Greenberg and Rosen have made a name for themselves taking classics and skewering them mercilessly, perverting them into hilarious, chaotic messes. By design, their scripts feature a cast of only five actors, who must then play what must be triple the number of characters in the course of the evening. This makes for some deft hat-and-wig switching, with voices to match; half the fun is simply keeping track of who is playing whom, and when, while watching to see how they’ll manage having to play them all.
The only actor lacking this split-personality syndrome is ASC favorite Aidan O’Reilly, who owns the Blackfriars house in the role of our favorite bloodsucker. Decked out in dashing opera cape, black leather trousers, and smoking jacket, O’Reilly’s Dracula is clearly dressed to kill — but of course this being Greenberg and Rosen’s scenario, things don’t go off according to plan. O’Reilly’s gift for deadpan humor is on full display here, as he reveals himself to be the most determined and yet most clueless villain you’d ever meet on the moors.
Smitten with the adventurous Lucy (Sara Linares, in riveting form) once he arrives in England, our thirsty Count is forced to settle for Lucy’s wallflower sister, Mina, when he gets a bit peckish. In which role we get to enjoy yet another star turn from Angela Iannone. She of the Thousand Voices. Iannone has you in stitches as the insufferably annoying Mina, but only when she’s not doubling as Dr. Van Helsing, the bespectacled, tweed-clad German doctor whose accent is so thick it would take a cleaver to cut through it.
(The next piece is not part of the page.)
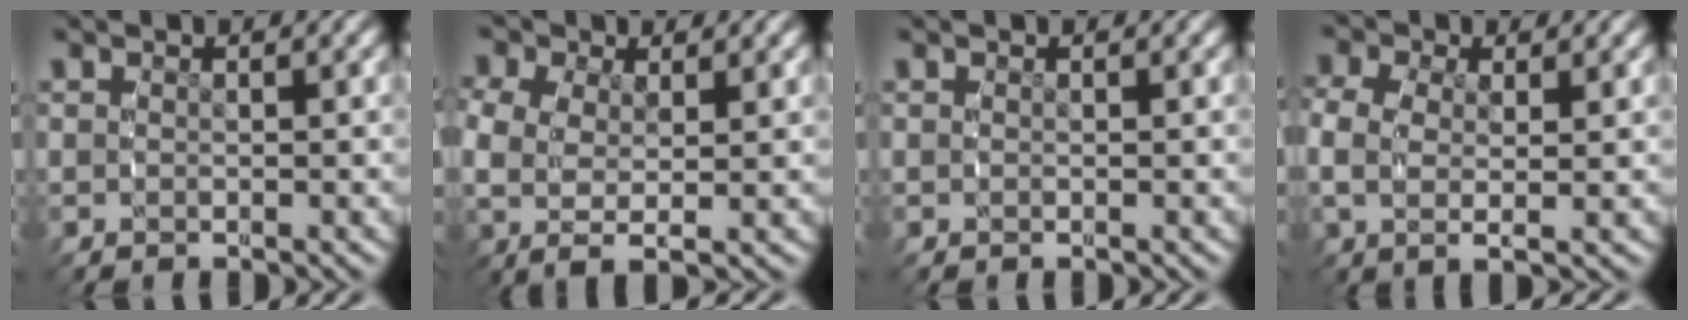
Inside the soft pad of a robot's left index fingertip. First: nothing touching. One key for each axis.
{"total": 5.5, "fx": 0.3, "fy": 3.6, "fz": 4.1, "tx": -0.099, "ty": -0.019, "tz": 0.015}
{"total": 0.0}
{"total": 3.9, "fx": 0.6, "fy": 2.4, "fz": 3.1, "tx": -0.074, "ty": -0.010, "tz": 0.013}

Leah Gabriel, meanwhile, gets to play the urbane, pipe-smoking Dr. Westfeldt, Mina and Lucy’s father, whose management of an insane asylum in his own home allows for the cast to take turns playing some rather eccentric servants: Gabriel combines Westfeldt with our favorite insect hunter Renfield (fly swatter in hand, natch), and we get to watch how both characters somehow manage to appear on stage simultaneously. Gabriel isn’t the only one to pull this off with aplomb.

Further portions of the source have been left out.